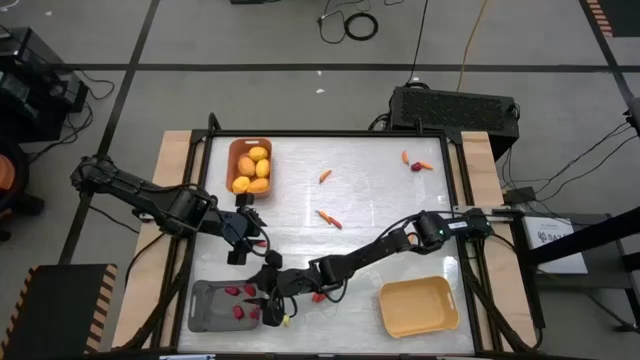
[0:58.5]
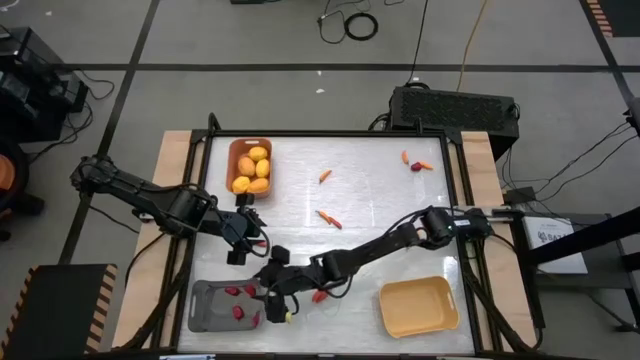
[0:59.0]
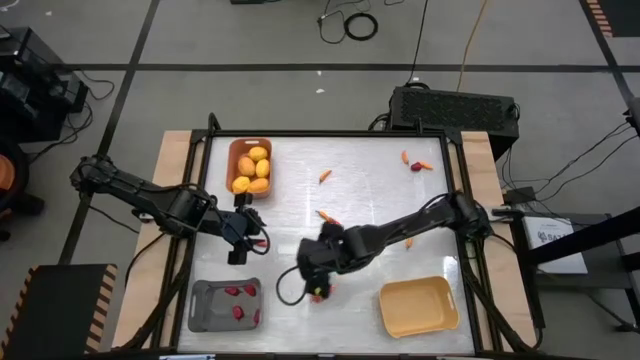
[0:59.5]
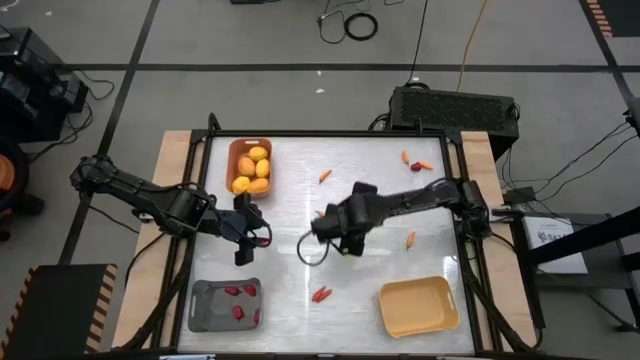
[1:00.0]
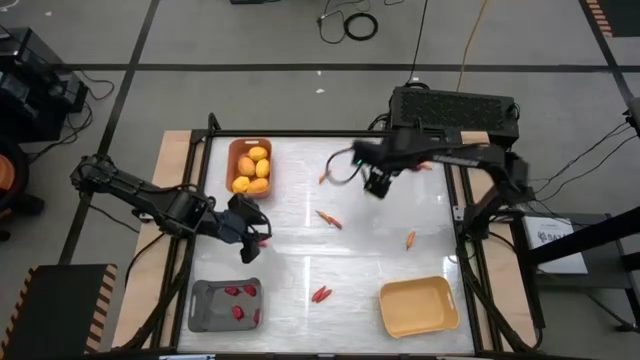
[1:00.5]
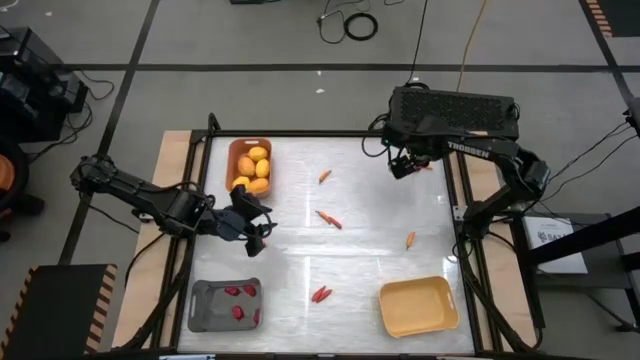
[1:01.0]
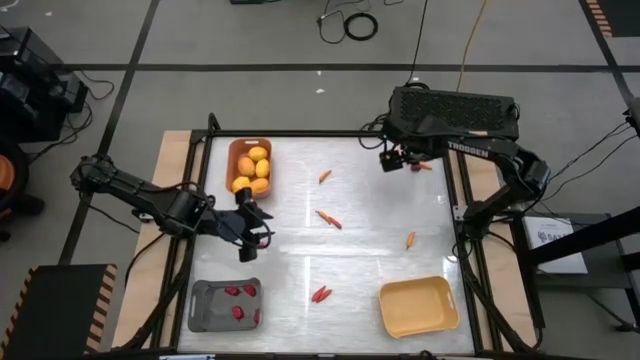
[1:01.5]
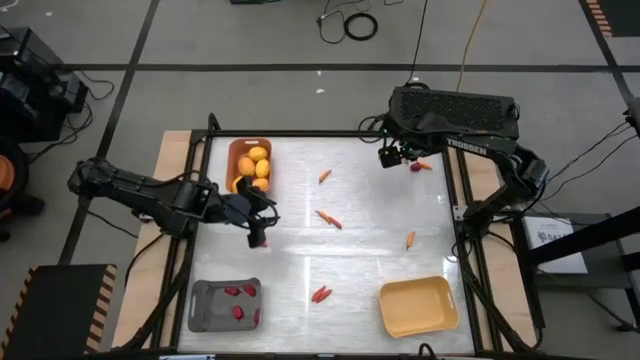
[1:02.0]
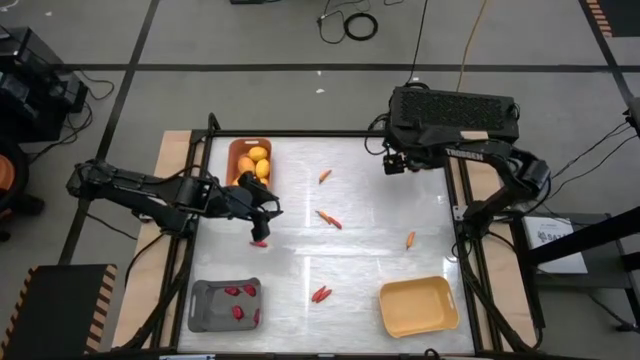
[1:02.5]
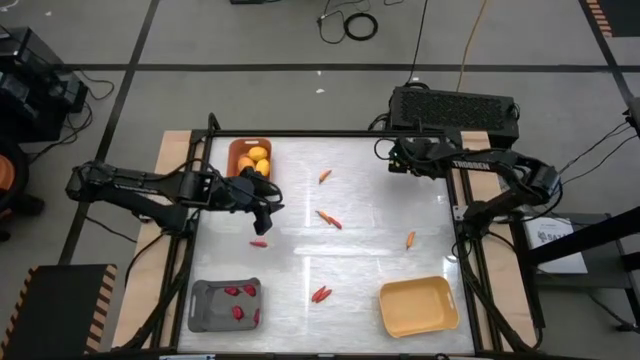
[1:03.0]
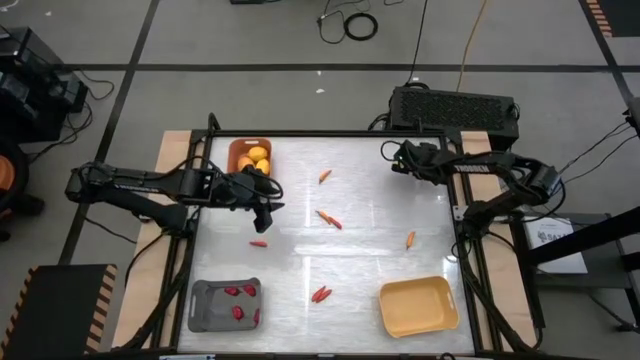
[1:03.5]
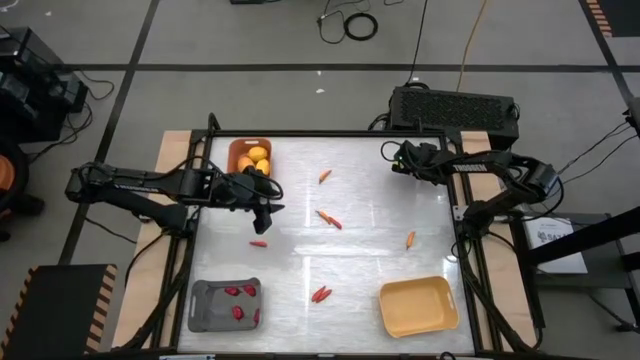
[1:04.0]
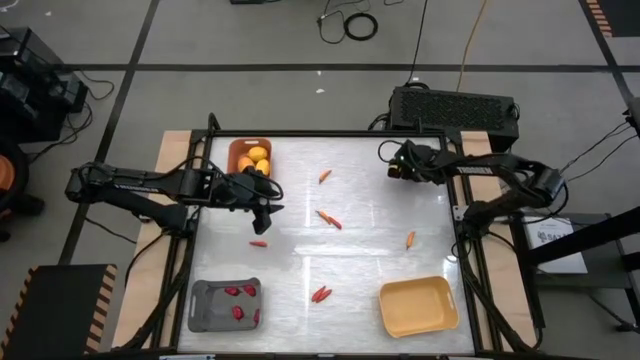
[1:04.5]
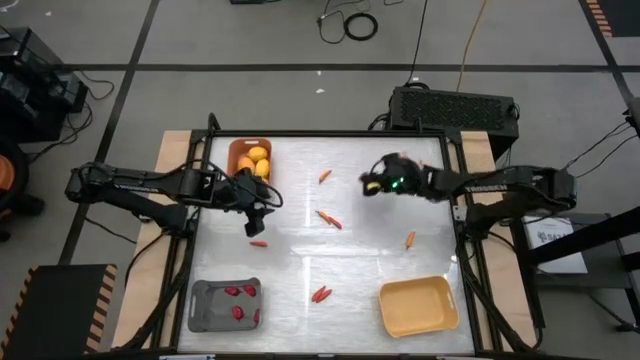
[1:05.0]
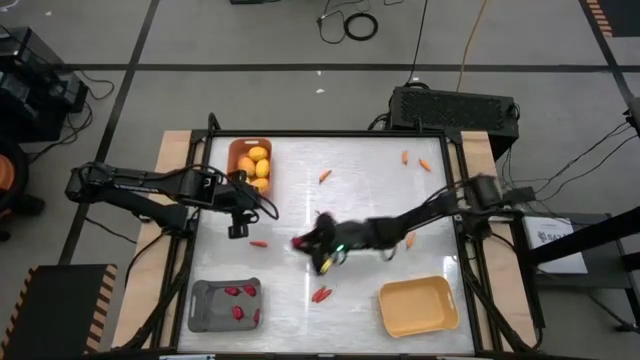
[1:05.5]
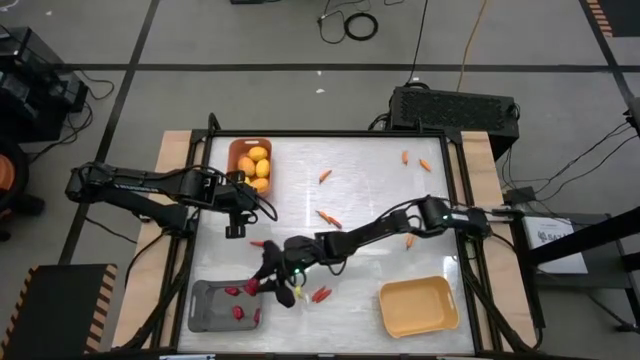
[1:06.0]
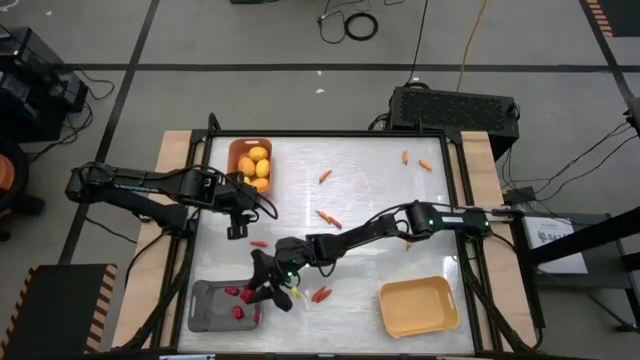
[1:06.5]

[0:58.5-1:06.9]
Task: Sort produce into baskets
Put the red bell pepper into the black bin

Aim of the exercise
The listing above is to be set down word for word, without its images.

Reply
[0:58.5]
[0:59.0]
[0:59.5]
[1:00.0]
[1:00.5]
[1:01.0]
[1:01.5]
[1:02.0]
[1:02.5]
[1:03.0]
[1:03.5]
[1:04.0]
[1:04.5]
[1:05.0]
[1:05.5]
[1:06.0]
[1:06.5]

[0:58.5-1:06.9]
Task: Sort produce into baskets
Put the red bell pepper into the black bin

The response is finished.